**LISTED ENTRIES**
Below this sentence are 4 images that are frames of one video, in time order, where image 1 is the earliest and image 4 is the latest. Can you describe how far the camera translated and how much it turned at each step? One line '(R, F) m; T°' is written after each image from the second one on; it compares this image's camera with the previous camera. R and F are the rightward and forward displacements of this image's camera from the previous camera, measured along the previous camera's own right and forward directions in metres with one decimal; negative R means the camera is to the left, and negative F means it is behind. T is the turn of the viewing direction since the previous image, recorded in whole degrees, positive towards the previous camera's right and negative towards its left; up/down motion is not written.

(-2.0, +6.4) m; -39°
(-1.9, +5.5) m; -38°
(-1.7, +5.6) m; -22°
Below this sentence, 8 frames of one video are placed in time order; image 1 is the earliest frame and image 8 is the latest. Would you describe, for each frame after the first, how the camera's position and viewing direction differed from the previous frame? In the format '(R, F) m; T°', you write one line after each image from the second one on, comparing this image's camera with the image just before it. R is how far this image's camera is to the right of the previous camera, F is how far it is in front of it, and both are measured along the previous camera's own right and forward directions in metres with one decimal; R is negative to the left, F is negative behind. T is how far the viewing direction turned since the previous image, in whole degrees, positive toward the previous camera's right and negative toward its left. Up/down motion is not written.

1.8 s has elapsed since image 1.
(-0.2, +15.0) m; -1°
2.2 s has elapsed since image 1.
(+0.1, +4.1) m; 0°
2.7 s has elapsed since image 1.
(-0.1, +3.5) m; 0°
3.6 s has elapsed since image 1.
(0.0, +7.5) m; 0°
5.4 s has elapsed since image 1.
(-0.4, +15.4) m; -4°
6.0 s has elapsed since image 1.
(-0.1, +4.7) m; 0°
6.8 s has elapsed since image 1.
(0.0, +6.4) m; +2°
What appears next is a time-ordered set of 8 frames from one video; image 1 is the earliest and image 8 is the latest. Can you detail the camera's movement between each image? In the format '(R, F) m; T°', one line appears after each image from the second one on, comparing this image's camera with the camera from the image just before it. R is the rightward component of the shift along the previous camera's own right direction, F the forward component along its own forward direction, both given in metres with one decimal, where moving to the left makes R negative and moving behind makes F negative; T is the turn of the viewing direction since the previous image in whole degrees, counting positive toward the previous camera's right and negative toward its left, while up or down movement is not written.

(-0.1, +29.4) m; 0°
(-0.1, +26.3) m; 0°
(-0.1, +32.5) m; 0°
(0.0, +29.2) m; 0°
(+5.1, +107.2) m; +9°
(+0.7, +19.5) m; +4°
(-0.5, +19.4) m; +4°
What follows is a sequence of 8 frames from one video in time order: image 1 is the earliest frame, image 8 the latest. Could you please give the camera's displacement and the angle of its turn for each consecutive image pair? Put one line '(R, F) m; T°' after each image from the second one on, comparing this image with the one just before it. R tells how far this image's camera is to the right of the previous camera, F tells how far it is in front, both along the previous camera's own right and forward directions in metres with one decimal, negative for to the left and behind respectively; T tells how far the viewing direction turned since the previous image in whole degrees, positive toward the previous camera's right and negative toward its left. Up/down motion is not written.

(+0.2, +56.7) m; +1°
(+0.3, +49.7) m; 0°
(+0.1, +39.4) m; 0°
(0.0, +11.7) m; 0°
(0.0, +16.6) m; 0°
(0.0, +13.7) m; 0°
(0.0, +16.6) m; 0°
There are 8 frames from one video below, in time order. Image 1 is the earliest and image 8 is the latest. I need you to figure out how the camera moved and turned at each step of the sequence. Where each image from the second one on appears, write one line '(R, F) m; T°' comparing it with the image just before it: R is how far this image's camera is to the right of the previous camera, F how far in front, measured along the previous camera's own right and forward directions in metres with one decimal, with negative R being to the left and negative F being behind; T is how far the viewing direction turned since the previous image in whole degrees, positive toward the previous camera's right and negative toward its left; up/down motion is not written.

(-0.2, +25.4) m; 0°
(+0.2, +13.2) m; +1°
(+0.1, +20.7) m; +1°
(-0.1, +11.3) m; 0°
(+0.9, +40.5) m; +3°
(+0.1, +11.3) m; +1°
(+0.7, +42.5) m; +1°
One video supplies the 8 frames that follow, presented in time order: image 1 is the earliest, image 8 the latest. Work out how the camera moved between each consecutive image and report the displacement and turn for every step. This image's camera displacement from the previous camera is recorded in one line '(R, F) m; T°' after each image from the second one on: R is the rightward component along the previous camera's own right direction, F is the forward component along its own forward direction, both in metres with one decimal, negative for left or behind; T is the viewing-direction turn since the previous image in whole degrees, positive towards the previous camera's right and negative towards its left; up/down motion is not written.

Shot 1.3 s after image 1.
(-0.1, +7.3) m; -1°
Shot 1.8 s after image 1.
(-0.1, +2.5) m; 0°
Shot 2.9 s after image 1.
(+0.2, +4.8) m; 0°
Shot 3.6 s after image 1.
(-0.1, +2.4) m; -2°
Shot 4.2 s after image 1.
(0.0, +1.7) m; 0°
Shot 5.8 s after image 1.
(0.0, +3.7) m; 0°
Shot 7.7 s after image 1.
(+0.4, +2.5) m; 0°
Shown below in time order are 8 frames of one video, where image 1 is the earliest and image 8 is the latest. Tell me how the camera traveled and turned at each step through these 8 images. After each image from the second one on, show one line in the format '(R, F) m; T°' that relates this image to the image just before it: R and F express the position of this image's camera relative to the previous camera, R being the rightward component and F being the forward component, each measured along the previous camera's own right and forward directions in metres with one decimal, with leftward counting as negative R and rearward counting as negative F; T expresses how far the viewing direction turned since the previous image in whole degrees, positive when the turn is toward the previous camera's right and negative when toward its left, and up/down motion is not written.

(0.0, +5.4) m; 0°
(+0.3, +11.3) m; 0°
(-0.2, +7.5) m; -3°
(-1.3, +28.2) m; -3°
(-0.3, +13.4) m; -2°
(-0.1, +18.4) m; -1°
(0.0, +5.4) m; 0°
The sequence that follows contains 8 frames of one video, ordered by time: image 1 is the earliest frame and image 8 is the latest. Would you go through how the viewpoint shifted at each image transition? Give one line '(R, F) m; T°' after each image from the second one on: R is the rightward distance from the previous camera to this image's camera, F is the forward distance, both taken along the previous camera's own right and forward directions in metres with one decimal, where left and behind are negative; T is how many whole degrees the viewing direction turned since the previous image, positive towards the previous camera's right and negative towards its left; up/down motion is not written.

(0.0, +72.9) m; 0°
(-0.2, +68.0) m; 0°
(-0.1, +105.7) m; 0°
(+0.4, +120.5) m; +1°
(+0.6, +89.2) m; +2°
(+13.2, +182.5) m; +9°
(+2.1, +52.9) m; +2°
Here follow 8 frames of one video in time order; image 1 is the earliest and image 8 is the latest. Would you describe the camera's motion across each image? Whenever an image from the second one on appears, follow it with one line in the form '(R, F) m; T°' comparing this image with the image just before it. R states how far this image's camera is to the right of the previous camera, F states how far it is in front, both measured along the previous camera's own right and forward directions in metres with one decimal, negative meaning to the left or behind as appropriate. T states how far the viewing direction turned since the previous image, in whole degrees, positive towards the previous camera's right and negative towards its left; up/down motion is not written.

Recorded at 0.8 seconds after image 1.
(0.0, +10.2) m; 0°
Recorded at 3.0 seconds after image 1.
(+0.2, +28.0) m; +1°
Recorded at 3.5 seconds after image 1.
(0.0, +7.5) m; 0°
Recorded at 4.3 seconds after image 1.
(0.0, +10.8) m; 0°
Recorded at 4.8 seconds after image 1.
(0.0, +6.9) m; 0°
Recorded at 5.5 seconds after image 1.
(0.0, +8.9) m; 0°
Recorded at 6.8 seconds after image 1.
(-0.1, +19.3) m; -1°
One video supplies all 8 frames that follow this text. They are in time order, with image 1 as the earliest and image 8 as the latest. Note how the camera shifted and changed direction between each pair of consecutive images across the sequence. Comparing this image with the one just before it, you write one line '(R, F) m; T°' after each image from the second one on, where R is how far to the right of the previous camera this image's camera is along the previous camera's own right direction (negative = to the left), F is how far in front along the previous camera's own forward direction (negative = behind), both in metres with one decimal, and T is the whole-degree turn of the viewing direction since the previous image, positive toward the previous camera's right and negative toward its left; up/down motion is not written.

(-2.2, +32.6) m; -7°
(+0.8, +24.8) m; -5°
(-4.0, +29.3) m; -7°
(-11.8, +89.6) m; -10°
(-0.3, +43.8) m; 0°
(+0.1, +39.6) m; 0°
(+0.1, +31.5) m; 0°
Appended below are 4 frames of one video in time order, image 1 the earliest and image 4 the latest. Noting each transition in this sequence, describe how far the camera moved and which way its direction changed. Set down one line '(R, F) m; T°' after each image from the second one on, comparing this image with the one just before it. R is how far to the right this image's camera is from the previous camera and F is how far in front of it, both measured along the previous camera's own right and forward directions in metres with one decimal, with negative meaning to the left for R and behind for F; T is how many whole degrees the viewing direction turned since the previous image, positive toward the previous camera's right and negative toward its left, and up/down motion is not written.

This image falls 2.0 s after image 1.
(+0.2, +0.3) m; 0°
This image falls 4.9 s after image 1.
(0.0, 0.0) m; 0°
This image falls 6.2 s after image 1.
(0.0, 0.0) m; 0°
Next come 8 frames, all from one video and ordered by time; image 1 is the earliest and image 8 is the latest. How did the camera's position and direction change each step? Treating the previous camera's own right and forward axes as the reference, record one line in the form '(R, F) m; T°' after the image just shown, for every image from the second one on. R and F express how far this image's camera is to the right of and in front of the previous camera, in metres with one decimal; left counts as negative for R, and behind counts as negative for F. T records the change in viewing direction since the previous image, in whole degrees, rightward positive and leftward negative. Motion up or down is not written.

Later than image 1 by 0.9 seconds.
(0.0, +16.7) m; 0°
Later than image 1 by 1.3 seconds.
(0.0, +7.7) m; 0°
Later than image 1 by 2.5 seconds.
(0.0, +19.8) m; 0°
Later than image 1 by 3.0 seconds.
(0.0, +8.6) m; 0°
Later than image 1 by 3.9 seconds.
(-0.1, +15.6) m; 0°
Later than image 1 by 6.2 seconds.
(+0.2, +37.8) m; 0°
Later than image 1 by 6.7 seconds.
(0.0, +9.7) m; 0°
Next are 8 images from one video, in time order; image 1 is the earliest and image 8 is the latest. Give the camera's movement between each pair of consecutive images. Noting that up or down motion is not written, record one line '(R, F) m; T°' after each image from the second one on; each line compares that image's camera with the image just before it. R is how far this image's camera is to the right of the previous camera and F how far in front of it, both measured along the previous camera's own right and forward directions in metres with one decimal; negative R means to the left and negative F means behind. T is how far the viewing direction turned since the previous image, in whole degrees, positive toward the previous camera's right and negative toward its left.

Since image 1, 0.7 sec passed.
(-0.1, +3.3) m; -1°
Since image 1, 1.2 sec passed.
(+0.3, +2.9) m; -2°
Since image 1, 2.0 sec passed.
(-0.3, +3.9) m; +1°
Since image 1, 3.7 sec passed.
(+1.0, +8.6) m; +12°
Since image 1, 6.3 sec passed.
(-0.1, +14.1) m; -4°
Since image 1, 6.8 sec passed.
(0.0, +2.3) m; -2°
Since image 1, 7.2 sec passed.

**YOUR OBJECTIVE**
Within the entries above, find each line where "Noting" appears; copy every one.

**OUTPUT FOR THIS EXERCISE**
Appended below are 4 frames of one video in time order, image 1 the earliest and image 4 the latest. Noting each transition in this sequence, describe how far the camera moved and which way its direction changed. Set down one line '(R, F) m; T°' after each image from the second one on, comparing this image with the one just before it. R is how far to the right this image's camera is from the previous camera and F is how far in front of it, both measured along the previous camera's own right and forward directions in metres with one decimal, with negative meaning to the left for R and behind for F; T is how many whole degrees the viewing direction turned since the previous image, positive toward the previous camera's right and negative toward its left, and up/down motion is not written.
Next are 8 images from one video, in time order; image 1 is the earliest and image 8 is the latest. Give the camera's movement between each pair of consecutive images. Noting that up or down motion is not written, record one line '(R, F) m; T°' after each image from the second one on; each line compares that image's camera with the image just before it. R is how far this image's camera is to the right of the previous camera and F how far in front of it, both measured along the previous camera's own right and forward directions in metres with one decimal; negative R means to the left and negative F means behind. T is how far the viewing direction turned since the previous image, in whole degrees, positive toward the previous camera's right and negative toward its left.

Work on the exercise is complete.